Despite the emergence of a national banking market in recent
decades, small businesses still rely heavily on local lenders. The
median distance between firms and lenders is only about three
miles and only 14.5 percent of firms borrow from a lender located
more than 30 miles from the firms’ headquarters.
During the last recession, banks reduced their lending to
small businesses in widely varying degrees. For example, Citibank
reduced small business lending by 84 percent while US Bankcorp
reduced its lending by only 3 percent. Michael Greenstone, Alexandre Mas, and Hoai-Luu Nguyen exploit small firms’ reliance on
local lenders and the differential lending cutbacks among regional
banks to create a quasi-experimental research design.

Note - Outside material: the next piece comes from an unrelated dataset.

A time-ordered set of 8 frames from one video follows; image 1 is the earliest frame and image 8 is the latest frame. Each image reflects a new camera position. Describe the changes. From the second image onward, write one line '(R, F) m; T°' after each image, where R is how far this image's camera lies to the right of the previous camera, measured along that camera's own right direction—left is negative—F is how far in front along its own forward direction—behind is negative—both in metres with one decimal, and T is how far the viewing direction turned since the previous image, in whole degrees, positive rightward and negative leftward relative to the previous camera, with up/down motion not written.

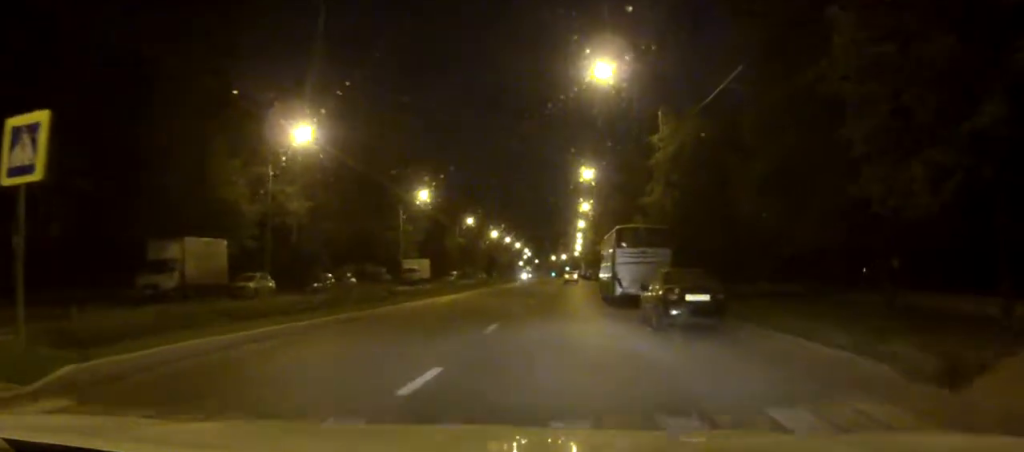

They ask whether counties with more Citibank branches before
the crisis experienced a greater reduction in lending and greater
economic decline during the recession than counties with more
US Bankcorp branches. The answer is yes but the magnitude is
small. If you unrealistically consider all the lending decline to be
supply-driven rather than attributing some of it to a recessioncaused reduction in demand, then reduced lending would account
for just 0.5 percentage points of the 10 percent decline in small
business employment in the recession—about 5 percent of the
decline. If you use the upper bounds rather than the average of the
95 percent confidence intervals of the estimated effects, you can
explain 13 percent of the decline—a real but small effect. And this
is for small businesses; larger businesses with access to non-local
credit supply would be even less affected, if at all.